Not every early Bessemer product suited every demanding use. That point gets missed sometimes. For rails, the process fit the market well. For some structural or high-specification uses, later steelmaking routes offered better control.
Limits and Replacement
The Bessemer process was fast. That was its gift and its headache. A blow could move so quickly that chemists had little time to test and correct the metal before tapping.
Phosphorus also caused trouble. In the acid Bessemer process, phosphorus stayed in the metal. Too much phosphorus could make steel brittle, especially under cold working or impact. The basic process helped, but steelmakers still wanted better control.
Main Technical Limits
- Phosphorus sensitivity: the acid process required low-phosphorus iron.
- Nitrogen pickup: atmospheric air introduced nitrogen, which could harm some steel qualities.

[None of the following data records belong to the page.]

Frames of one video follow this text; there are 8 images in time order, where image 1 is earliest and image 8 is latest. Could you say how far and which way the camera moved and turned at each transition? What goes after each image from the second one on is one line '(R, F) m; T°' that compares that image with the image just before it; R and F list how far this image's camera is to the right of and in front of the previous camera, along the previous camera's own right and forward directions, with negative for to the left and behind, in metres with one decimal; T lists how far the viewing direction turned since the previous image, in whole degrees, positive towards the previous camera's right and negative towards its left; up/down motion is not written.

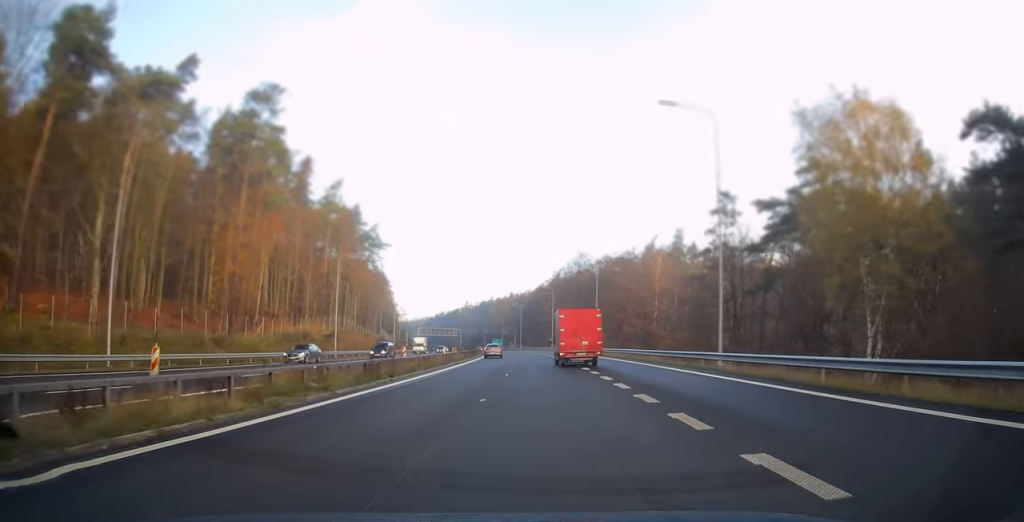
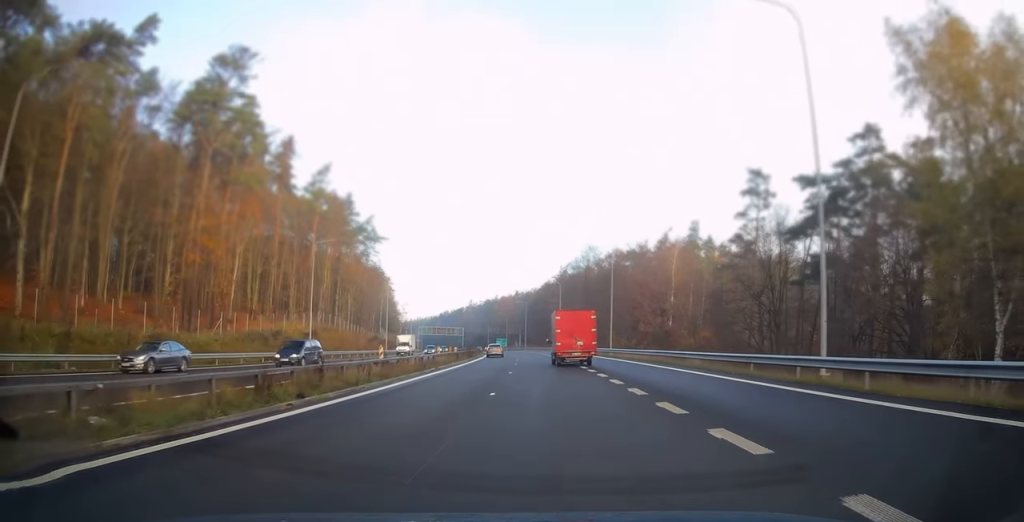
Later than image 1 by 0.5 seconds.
(-0.1, +10.1) m; -1°
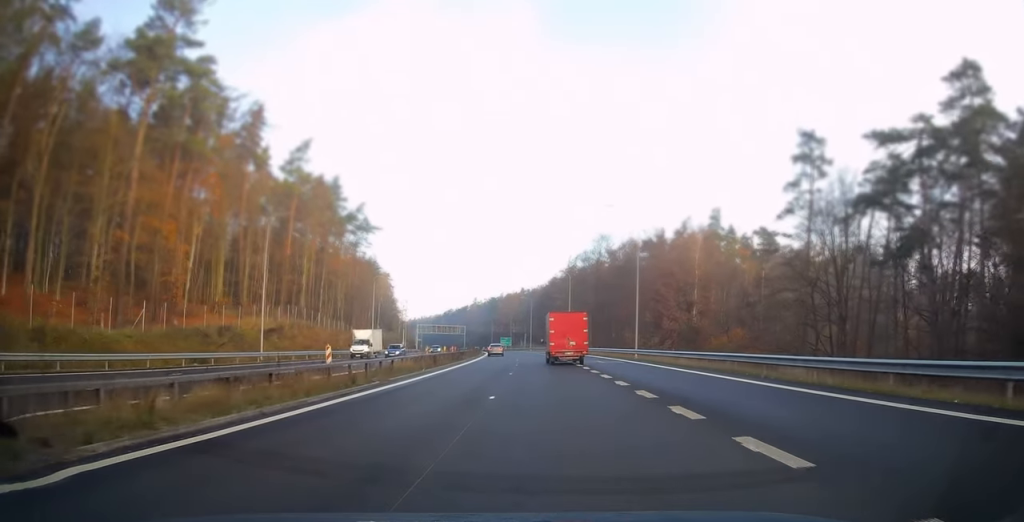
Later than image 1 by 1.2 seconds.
(-0.1, +13.0) m; -1°
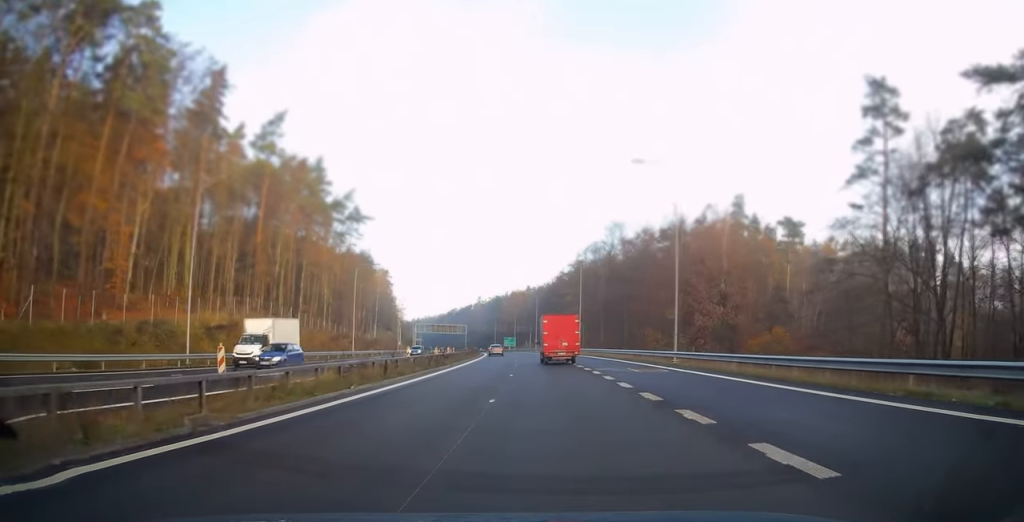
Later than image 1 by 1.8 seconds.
(-0.1, +12.6) m; -1°
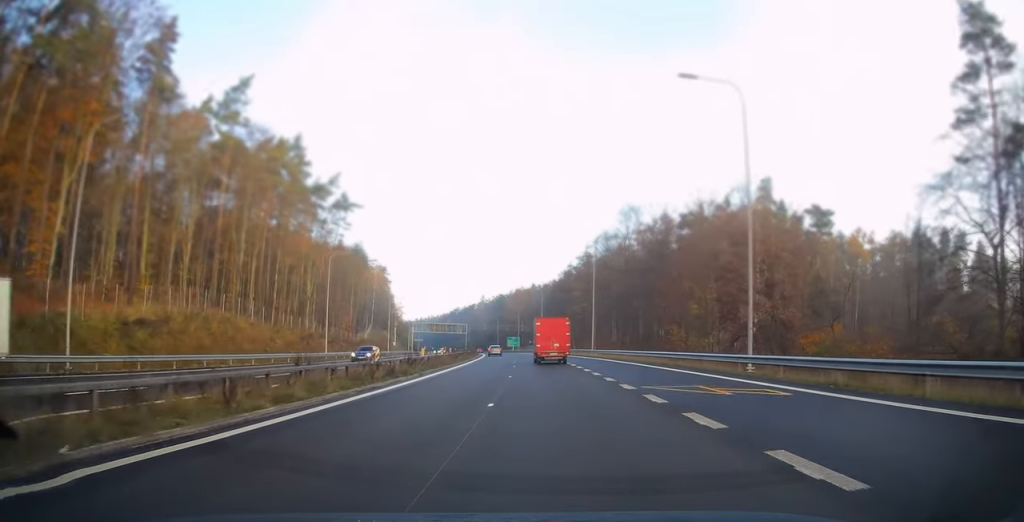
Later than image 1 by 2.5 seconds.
(-0.1, +12.6) m; 0°
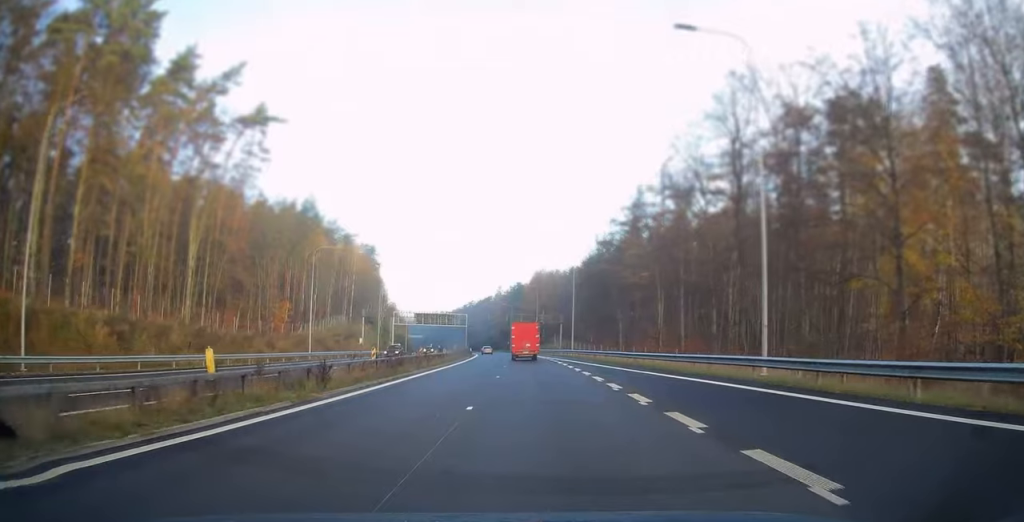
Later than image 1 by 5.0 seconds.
(-0.9, +48.3) m; -2°
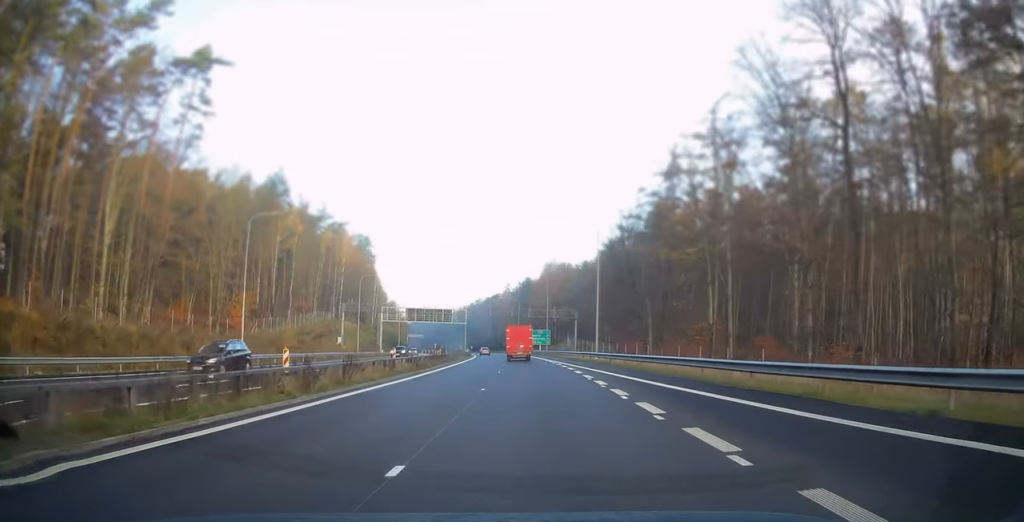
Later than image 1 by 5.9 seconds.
(-0.1, +18.1) m; -1°
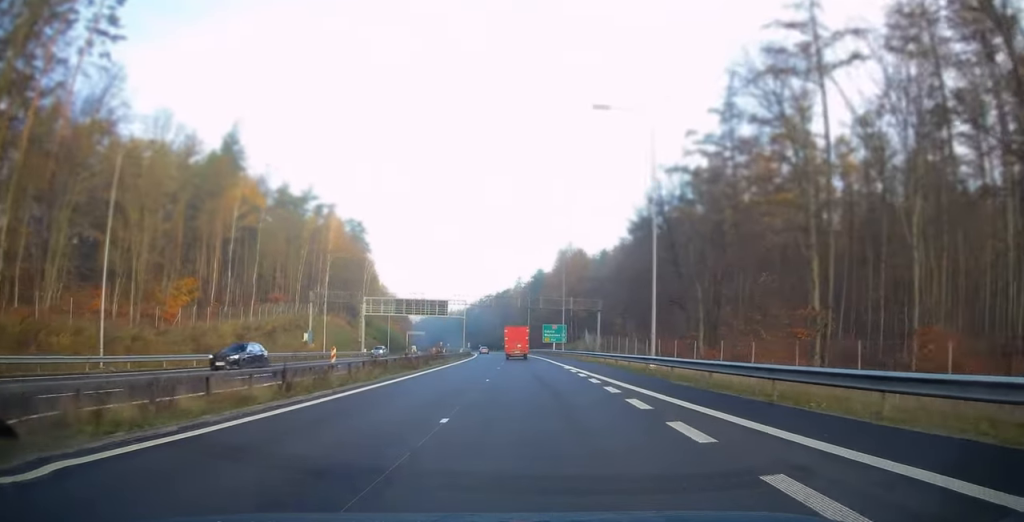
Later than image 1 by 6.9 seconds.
(-0.1, +19.5) m; -2°

- Fast timing: speed left little room for chemical testing during the heat.
- Scrap limits: the process could not absorb scrap metal as flexibly as later furnaces.
- Product range: it suited many bulk uses, but not every high-grade steel application.
Open-hearth steelmaking gradually displaced Bessemer steelmaking because it gave plant chemists more time to analyze and control the metal, even though it was slower (Details-5).
Later, basic oxygen steelmaking and electric arc furnace steelmaking moved the industry again. Faster control, cleaner oxygen, better measurement, and wider scrap use mattered. Still, the old converter left a clear mark. Modern oxygen steelmaking owes part of its logic to Bessemer’s air-blown idea.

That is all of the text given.